The second group includes specimens collected from Mont-Rollant (M), Ndiayene Pendao (N) and Guede (G), which have a high percentage of caryophyllene oxide (18.0-28.1%, mean: 23.2%, SD: 2.9%), humulene epoxide 2(26.4-38.3, mean: 32.4%, SD: 3.3%). Similarly, high contents of humulene epoxide 2 and caryophyllene oxide have been reported for C. rotundus oil from Louga region in Senegal.However, these compounds were at low levels or absent in essential oils of C. rotundus from Iran [20], India [24] and Brazil [24].

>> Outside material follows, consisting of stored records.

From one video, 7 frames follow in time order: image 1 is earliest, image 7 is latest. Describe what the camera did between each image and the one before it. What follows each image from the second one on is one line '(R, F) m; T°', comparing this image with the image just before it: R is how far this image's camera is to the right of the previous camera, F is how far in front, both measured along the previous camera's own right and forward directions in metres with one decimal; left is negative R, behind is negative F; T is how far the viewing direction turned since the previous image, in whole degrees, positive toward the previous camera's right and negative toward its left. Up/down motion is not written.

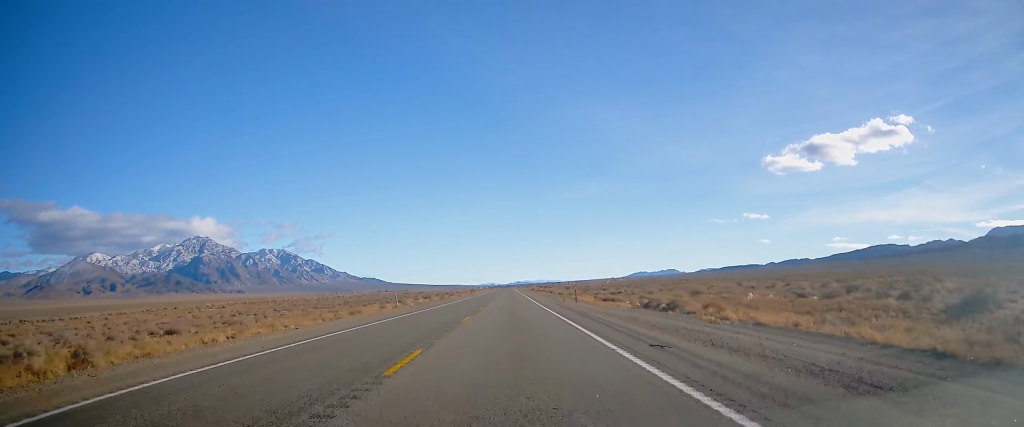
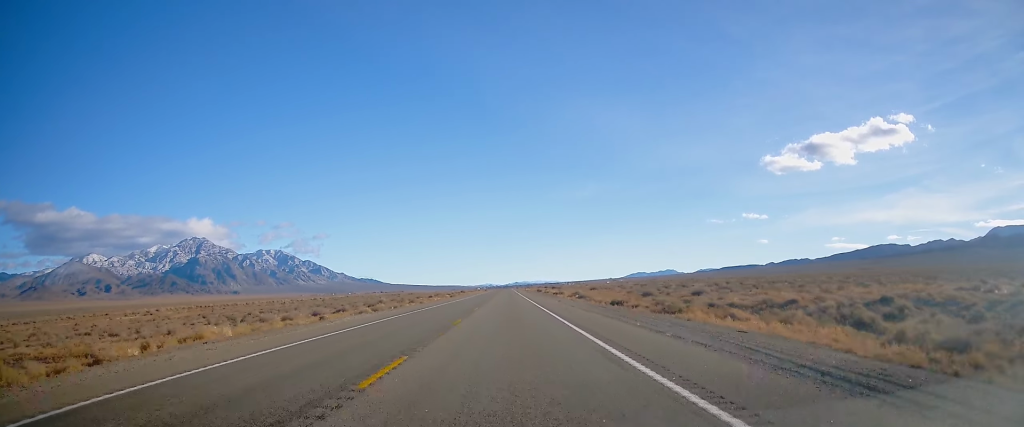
(-0.4, +61.9) m; 0°
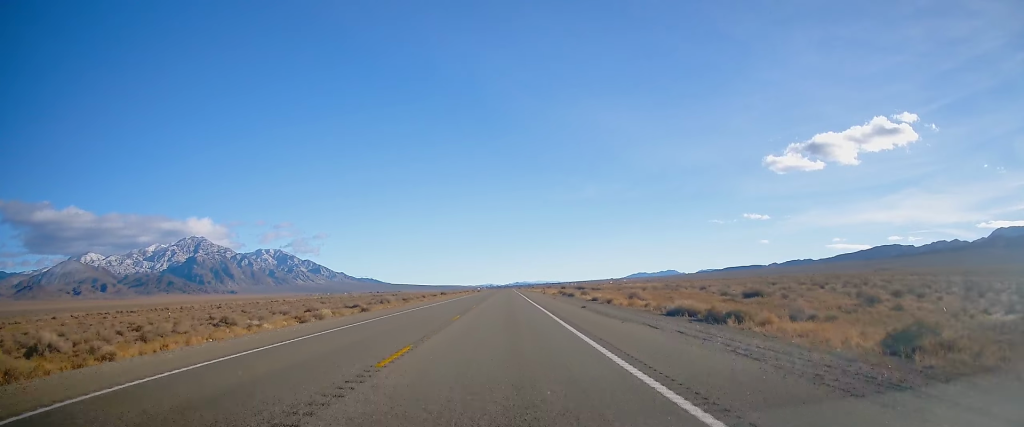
(-0.3, +84.0) m; 0°
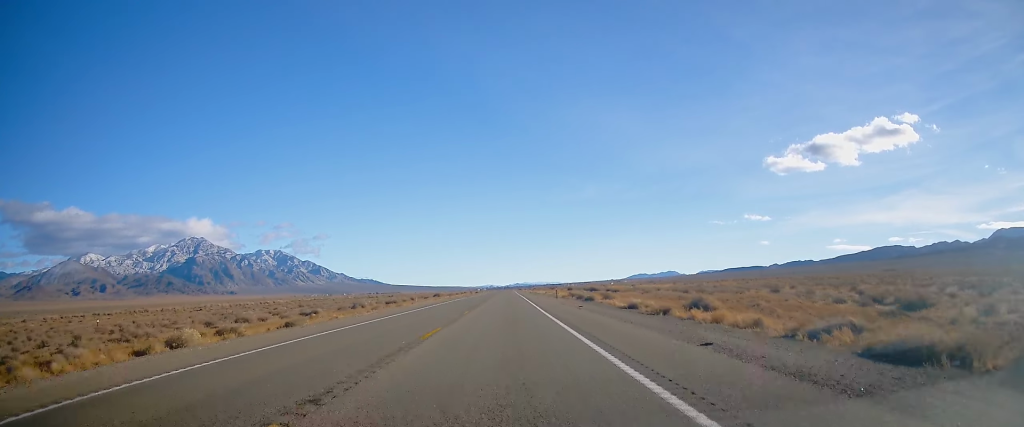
(+0.1, +19.6) m; 0°
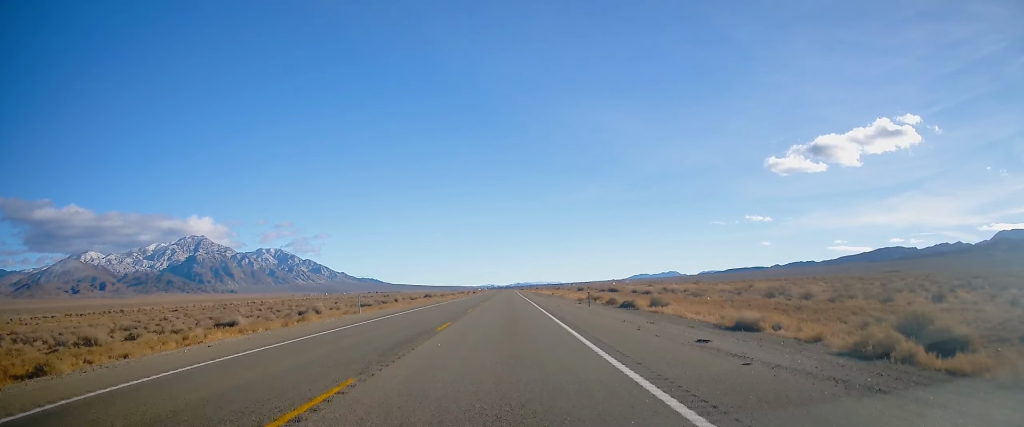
(+0.1, +21.8) m; 0°
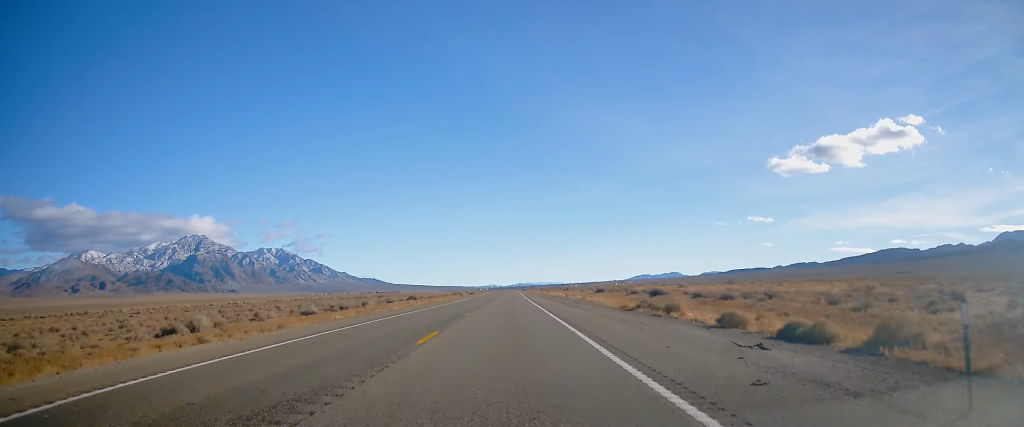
(+0.2, +28.2) m; 0°
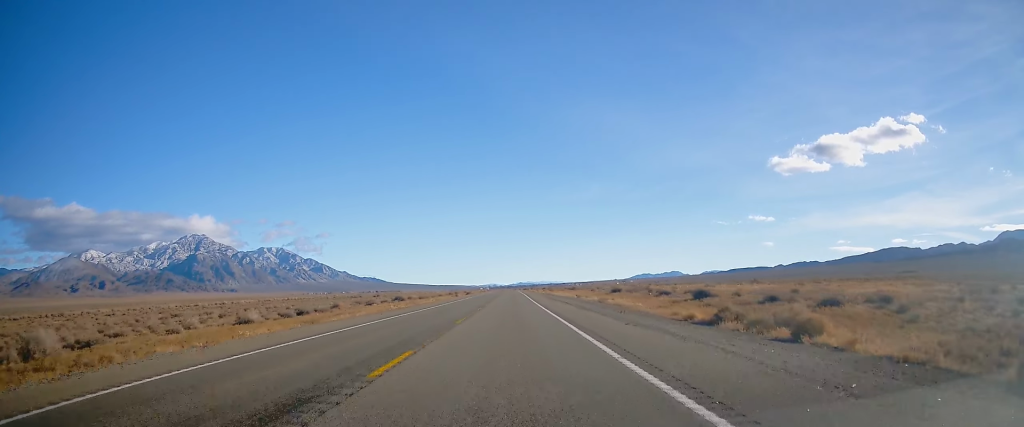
(-0.1, +16.9) m; 0°

In summary, the results obtained from the analysis of the thirty samples have led to the establishment of three chemotypes to C. rotundus essential oils. These results are based on single samples to each collection site and do not account for within site variation. However, the chemical composition of the analyzed essential oils showed qualitative and quantitative variation by the influence of the localization.

Conclusion

The present investigation demonstrated the important of chemical variability of the essential oils isolated from the rhizomes of C. rotundus populations growing wild in Senegal. Principal component analysis (PCA) and cluster analysis (CA) (dendrogram) applied on the matrix linking essential oil compositions and sample locations allowed the distinction of two groups within the oil samples. The dominant compounds in the first group were humulene epoxide2, caryophyllene oxide, mustakone and cyperotundone and those in the second group were caryophyllene oxide and humulene epoxide 2. To our knowledge, we have reported the first chemotype for the first time. In perspective, we will evaluate their biological activities and also produce cosmetic formulations based on these essential oils.